Lorong terasa begitu sepi nan mencekam. Dada (Name) terasa lebih sesak. Apakah kadar oksigen yang menurun? Atau karna ia benar-benar kalut terhadap ucapan dari Sukuna?

Wanita itu tidak tahu. Dia hanya ingin meneriakkan apa yang menurutnya membuat dada sesak. Sesuatu yang harus disampaikan.
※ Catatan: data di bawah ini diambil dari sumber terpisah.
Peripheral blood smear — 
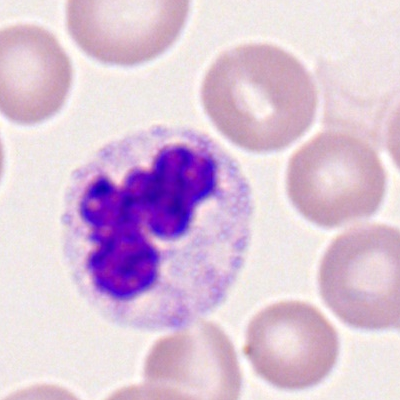Single cell identified as a polymorphonuclear neutrophil.
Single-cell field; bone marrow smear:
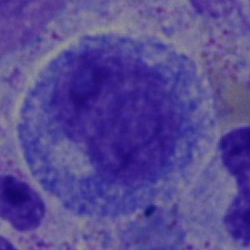Morphology — promyelocyte.
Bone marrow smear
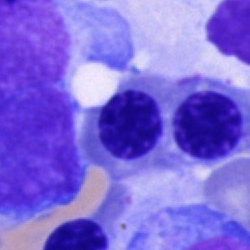 Single cell identified as a normoblast.
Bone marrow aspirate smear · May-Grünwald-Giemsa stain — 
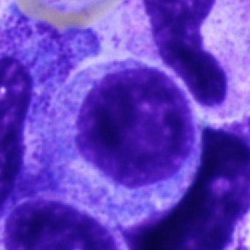

Specimen: bone marrow smear.
Cell type: promyelocyte.
Lineage: myeloid.
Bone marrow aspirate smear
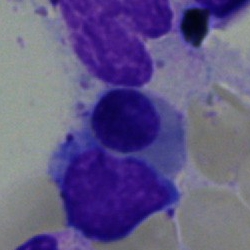
Showing an erythroblast.
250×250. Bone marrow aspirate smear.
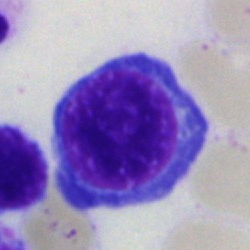

Specimen: bone marrow aspirate smear.
Cell type: nucleated red cell.
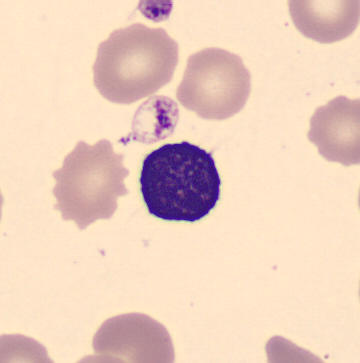 Q: What is this?
A: It is a lymphocyte.
Preparation: Peripheral blood smear.
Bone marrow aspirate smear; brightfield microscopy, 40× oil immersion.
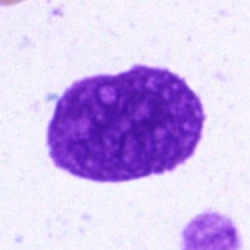
Classification: artifact.
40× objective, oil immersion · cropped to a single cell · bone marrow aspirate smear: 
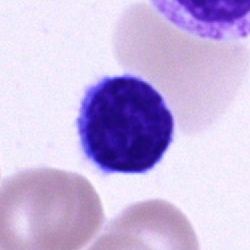Specimen: bone marrow smear.
Cell type: lymphocyte.
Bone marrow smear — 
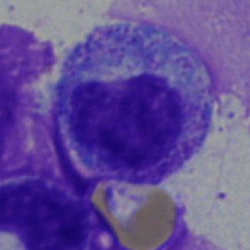
Morphology consistent with a myelocyte.
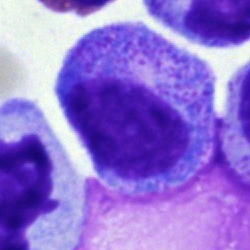
Bone marrow smear showing a myelocyte.
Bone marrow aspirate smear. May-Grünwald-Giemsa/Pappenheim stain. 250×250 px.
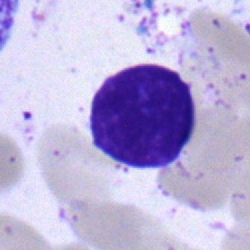
Morphology — lymphocyte.
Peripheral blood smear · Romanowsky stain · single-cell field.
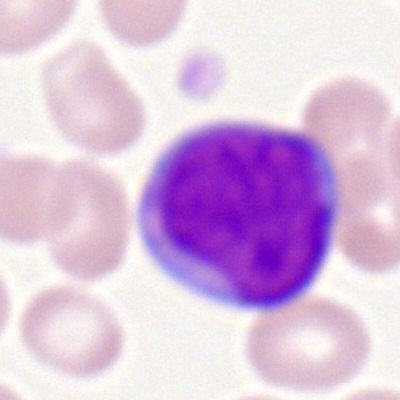 Single cell identified as a myeloblast.
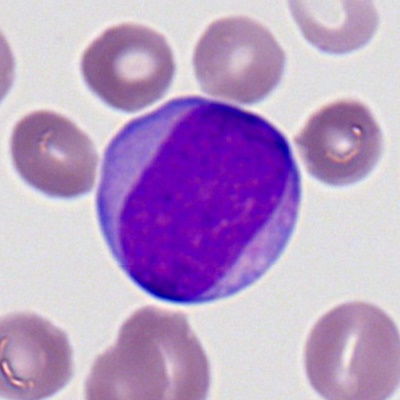Morphological class: myeloid blast.
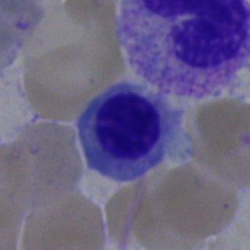 Morphological class — nucleated red cell.
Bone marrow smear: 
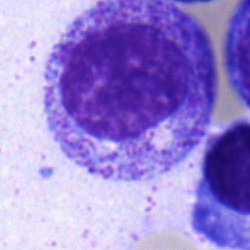

Q: What cell is this?
A: It is a myelocyte.
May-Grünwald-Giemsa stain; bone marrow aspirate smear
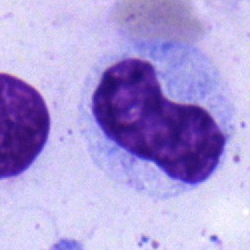Metamyelocyte.
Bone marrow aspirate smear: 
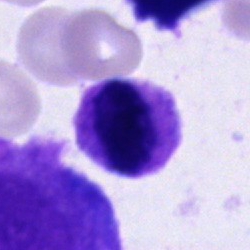Q: What is shown here?
A: Artifact.
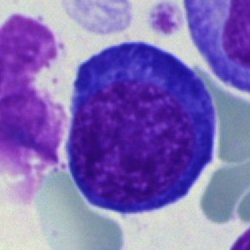
Classification = normoblast.
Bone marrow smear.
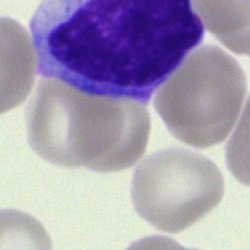

Single cell identified as a typical lymphocyte.
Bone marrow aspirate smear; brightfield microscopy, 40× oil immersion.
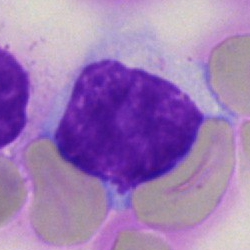

Single cell identified as an artefact.
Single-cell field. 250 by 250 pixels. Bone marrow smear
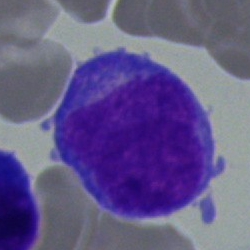

Morphology → blast cell.
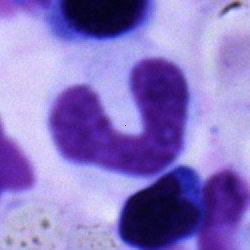
Q: What type of cell is this?
A: This is a stab cell.
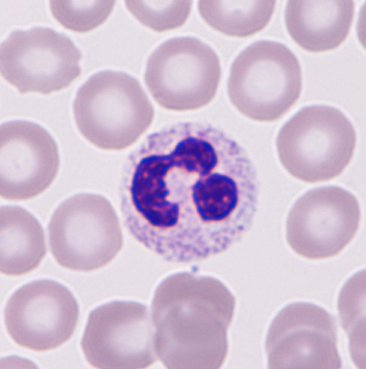

A neutrophil granulocyte on a peripheral blood smear.
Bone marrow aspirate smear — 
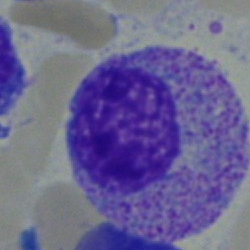Showing a myelocyte.
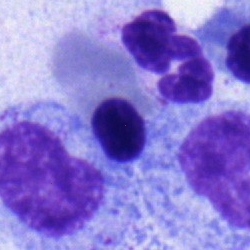

Impression — erythroblast.
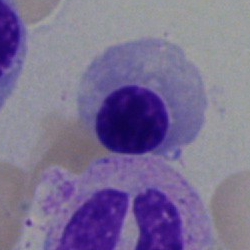

Nucleated red cell.
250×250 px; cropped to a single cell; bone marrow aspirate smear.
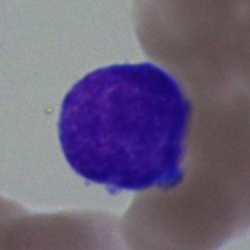
A blast cell.
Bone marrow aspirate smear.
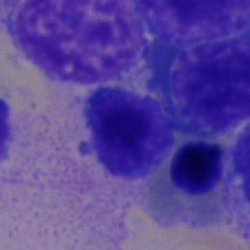 Morphological class = typical lymphocyte.
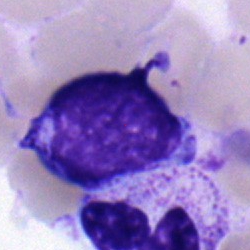Q: What type of cell is this?
A: It is a typical lymphocyte.
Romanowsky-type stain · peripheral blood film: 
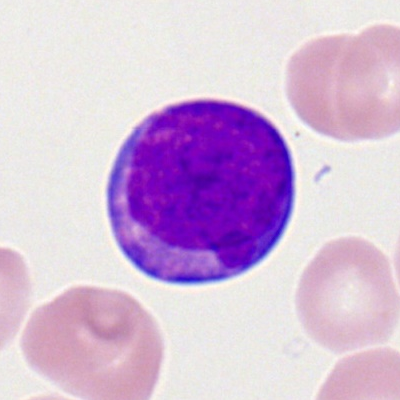

A myeloblast.
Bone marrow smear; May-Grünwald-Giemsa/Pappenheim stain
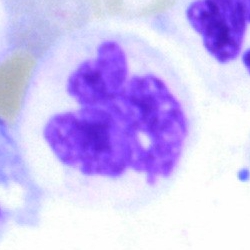

Morphological class: artifact.
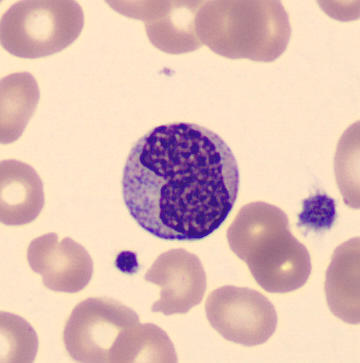 Metamyelocyte.
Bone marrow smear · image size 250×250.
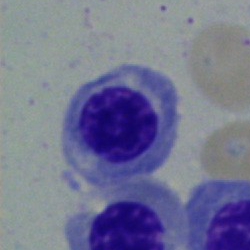
Impression — nucleated red cell.
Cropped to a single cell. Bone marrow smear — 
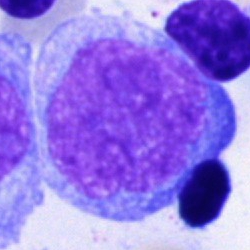Showing a blast cell.
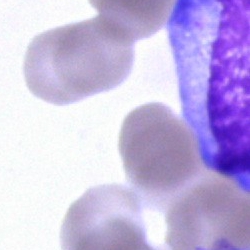
Q: What is the morphological classification of this cell?
A: An unidentifiable cell.
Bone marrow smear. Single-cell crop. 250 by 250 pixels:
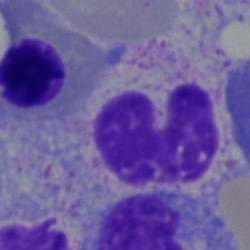 Impression → band-form neutrophil.
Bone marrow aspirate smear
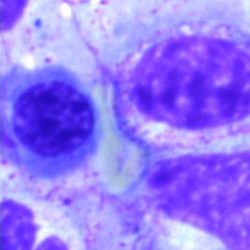 Specimen: bone marrow smear.
Cell: erythroblast.
Lineage: erythroid.
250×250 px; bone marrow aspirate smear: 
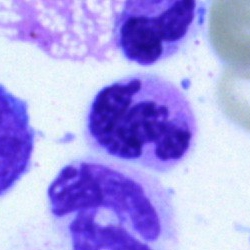 Specimen: bone marrow smear.
Cell: polymorphonuclear neutrophil.
Lineage: myeloid.
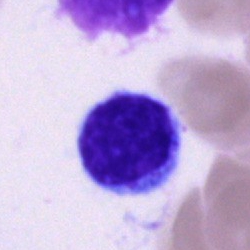 Morphology → lymphocyte.
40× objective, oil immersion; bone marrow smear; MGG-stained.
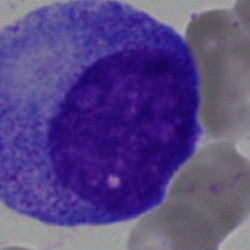Morphology — promyelocyte.
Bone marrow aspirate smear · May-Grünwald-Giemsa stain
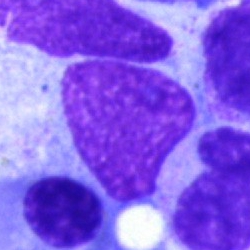 {"cell_type": "artifact"}
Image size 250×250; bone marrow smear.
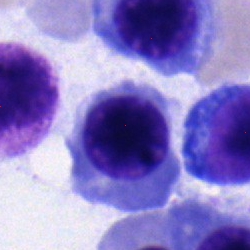

Morphological class = nucleated red cell.
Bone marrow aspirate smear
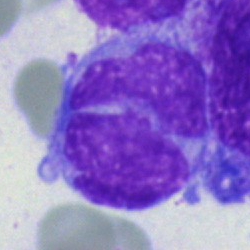 The cell shown is a monocyte.
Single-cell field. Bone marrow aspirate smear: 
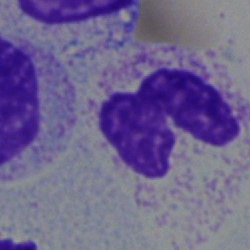

Q: Identify the cell.
A: A polymorphonuclear neutrophil.
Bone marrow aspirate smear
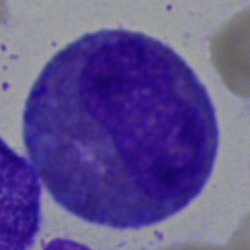

{"cell_type": "eosinophil", "lineage": "myeloid"}
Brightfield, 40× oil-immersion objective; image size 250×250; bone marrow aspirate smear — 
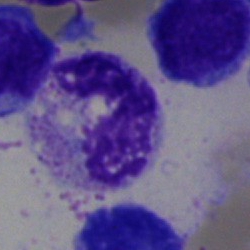

Cell = segmented neutrophil.
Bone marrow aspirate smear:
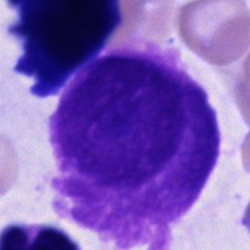A plasmacyte.
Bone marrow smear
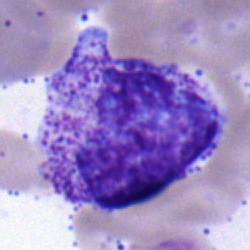Q: Which cell type is shown here?
A: Myelocyte.
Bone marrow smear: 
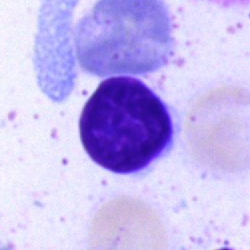 A typical lymphocyte.
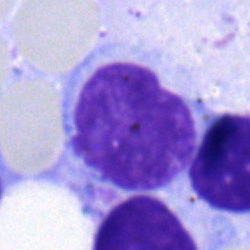 Cell type — lymphocyte.
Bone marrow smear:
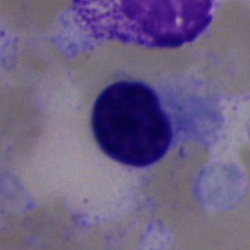

Normoblast.
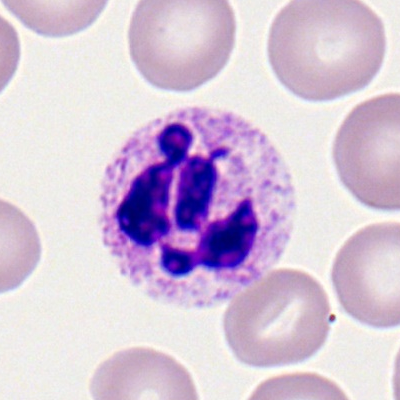 Cell = segmented neutrophil.

"Ryomen Sukuna!" Teriak (Name) tanpa menyebutkan tanda hormat apapun.

(Name) berjalan pelan mendekati Sukuna. Ekspresinya saat ini datar. Iya menyembunyikan amarahnya dan melontarkan dalam ucapan yang sangat tajam,

"Terima kasih atas kritikannya, itu memberiku kemudahan untuk bergerak maju, wahai desainer tak bermoral" ucap (Name) tepat di sisi kanan pria itu berdiri.

Sebelum benar-benar kembali ke kelas, (Name) berhenti tanpa menghadap sang pria bertato. Ia kembali menyampaikan kritikan mengenai nilai yang ditunjukan dalam desain baju yang Sukuna buat,

"Ah satu hal lagi. Nilai yang kau sampaikan dari desain bajumu itu hanyalah kesombongan, kesendirian dan amarah. Maka dari itu kau tidak pantas mengomentari nilai yang ingin disampaikan seseorang.. Aah aku hanya melakukan apa yang telah kau sarankan"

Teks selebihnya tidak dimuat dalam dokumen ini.